Given the entries below, please return each one exactly.

═════ The data ═════

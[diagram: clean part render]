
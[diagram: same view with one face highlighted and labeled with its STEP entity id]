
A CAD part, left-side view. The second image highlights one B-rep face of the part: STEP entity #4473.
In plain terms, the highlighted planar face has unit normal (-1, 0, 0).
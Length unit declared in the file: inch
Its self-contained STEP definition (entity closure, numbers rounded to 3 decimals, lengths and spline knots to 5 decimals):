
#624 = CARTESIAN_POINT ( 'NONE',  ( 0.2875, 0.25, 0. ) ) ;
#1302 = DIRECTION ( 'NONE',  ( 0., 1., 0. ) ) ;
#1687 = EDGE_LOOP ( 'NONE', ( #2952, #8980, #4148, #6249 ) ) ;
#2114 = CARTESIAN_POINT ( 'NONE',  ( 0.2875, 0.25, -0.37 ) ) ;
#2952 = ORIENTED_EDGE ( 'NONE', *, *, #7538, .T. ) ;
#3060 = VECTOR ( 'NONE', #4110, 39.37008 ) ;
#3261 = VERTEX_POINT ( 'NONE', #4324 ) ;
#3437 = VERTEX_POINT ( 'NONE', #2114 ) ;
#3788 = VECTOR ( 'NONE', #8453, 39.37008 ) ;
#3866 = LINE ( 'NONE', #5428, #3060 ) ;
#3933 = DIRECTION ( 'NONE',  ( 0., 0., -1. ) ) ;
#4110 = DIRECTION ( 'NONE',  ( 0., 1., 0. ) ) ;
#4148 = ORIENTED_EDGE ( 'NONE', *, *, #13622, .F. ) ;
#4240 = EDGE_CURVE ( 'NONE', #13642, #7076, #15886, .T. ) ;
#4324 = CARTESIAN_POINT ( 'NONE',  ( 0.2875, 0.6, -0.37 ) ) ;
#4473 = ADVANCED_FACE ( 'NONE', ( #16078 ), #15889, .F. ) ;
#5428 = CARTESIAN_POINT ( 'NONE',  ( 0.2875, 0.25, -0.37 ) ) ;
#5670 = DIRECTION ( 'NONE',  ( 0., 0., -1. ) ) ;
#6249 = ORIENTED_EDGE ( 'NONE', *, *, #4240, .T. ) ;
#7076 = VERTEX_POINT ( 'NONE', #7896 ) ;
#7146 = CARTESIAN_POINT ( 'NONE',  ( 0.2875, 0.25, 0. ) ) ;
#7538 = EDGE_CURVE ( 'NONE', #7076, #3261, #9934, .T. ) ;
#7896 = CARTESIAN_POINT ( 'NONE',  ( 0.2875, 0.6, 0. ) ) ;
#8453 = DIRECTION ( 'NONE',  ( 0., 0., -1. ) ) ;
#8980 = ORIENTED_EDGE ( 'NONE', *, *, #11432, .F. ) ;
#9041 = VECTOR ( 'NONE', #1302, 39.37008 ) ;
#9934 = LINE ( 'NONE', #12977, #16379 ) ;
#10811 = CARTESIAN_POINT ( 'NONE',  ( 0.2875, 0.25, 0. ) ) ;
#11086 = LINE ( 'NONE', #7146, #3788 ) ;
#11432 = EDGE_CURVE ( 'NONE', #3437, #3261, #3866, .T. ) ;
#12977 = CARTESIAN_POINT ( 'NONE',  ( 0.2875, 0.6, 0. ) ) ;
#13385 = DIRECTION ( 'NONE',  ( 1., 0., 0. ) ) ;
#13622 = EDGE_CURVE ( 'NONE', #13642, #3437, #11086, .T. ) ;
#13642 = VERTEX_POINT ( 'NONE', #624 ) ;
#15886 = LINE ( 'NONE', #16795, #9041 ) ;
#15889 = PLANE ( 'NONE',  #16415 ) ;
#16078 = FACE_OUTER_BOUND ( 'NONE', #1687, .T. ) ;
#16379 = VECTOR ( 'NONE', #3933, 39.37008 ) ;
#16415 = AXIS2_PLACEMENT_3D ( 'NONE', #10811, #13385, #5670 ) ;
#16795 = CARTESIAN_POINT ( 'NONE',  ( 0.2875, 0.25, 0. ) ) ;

═════

• Solution to this problem
[diagram: clean part render]
[diagram: same view with one face highlighted and labeled with its STEP entity id]
A CAD part, left-side view. The second image highlights one B-rep face of the part: STEP entity #4473.
In plain terms, the highlighted planar face has unit normal (-1, 0, 0).
Length unit declared in the file: inch
Its self-contained STEP definition (entity closure, numbers rounded to 3 decimals, lengths and spline knots to 5 decimals):
#624 = CARTESIAN_POINT ( 'NONE',  ( 0.2875, 0.25, 0. ) ) ;
#1302 = DIRECTION ( 'NONE',  ( 0., 1., 0. ) ) ;
#1687 = EDGE_LOOP ( 'NONE', ( #2952, #8980, #4148, #6249 ) ) ;
#2114 = CARTESIAN_POINT ( 'NONE',  ( 0.2875, 0.25, -0.37 ) ) ;
#2952 = ORIENTED_EDGE ( 'NONE', *, *, #7538, .T. ) ;
#3060 = VECTOR ( 'NONE', #4110, 39.37008 ) ;
#3261 = VERTEX_POINT ( 'NONE', #4324 ) ;
#3437 = VERTEX_POINT ( 'NONE', #2114 ) ;
#3788 = VECTOR ( 'NONE', #8453, 39.37008 ) ;
#3866 = LINE ( 'NONE', #5428, #3060 ) ;
#3933 = DIRECTION ( 'NONE',  ( 0., 0., -1. ) ) ;
#4110 = DIRECTION ( 'NONE',  ( 0., 1., 0. ) ) ;
#4148 = ORIENTED_EDGE ( 'NONE', *, *, #13622, .F. ) ;
#4240 = EDGE_CURVE ( 'NONE', #13642, #7076, #15886, .T. ) ;
#4324 = CARTESIAN_POINT ( 'NONE',  ( 0.2875, 0.6, -0.37 ) ) ;
#4473 = ADVANCED_FACE ( 'NONE', ( #16078 ), #15889, .F. ) ;
#5428 = CARTESIAN_POINT ( 'NONE',  ( 0.2875, 0.25, -0.37 ) ) ;
#5670 = DIRECTION ( 'NONE',  ( 0., 0., -1. ) ) ;
#6249 = ORIENTED_EDGE ( 'NONE', *, *, #4240, .T. ) ;
#7076 = VERTEX_POINT ( 'NONE', #7896 ) ;
#7146 = CARTESIAN_POINT ( 'NONE',  ( 0.2875, 0.25, 0. ) ) ;
#7538 = EDGE_CURVE ( 'NONE', #7076, #3261, #9934, .T. ) ;
#7896 = CARTESIAN_POINT ( 'NONE',  ( 0.2875, 0.6, 0. ) ) ;
#8453 = DIRECTION ( 'NONE',  ( 0., 0., -1. ) ) ;
#8980 = ORIENTED_EDGE ( 'NONE', *, *, #11432, .F. ) ;
#9041 = VECTOR ( 'NONE', #1302, 39.37008 ) ;
#9934 = LINE ( 'NONE', #12977, #16379 ) ;
#10811 = CARTESIAN_POINT ( 'NONE',  ( 0.2875, 0.25, 0. ) ) ;
#11086 = LINE ( 'NONE', #7146, #3788 ) ;
#11432 = EDGE_CURVE ( 'NONE', #3437, #3261, #3866, .T. ) ;
#12977 = CARTESIAN_POINT ( 'NONE',  ( 0.2875, 0.6, 0. ) ) ;
#13385 = DIRECTION ( 'NONE',  ( 1., 0., 0. ) ) ;
#13622 = EDGE_CURVE ( 'NONE', #13642, #3437, #11086, .T. ) ;
#13642 = VERTEX_POINT ( 'NONE', #624 ) ;
#15886 = LINE ( 'NONE', #16795, #9041 ) ;
#15889 = PLANE ( 'NONE',  #16415 ) ;
#16078 = FACE_OUTER_BOUND ( 'NONE', #1687, .T. ) ;
#16379 = VECTOR ( 'NONE', #3933, 39.37008 ) ;
#16415 = AXIS2_PLACEMENT_3D ( 'NONE', #10811, #13385, #5670 ) ;
#16795 = CARTESIAN_POINT ( 'NONE',  ( 0.2875, 0.25, 0. ) ) ;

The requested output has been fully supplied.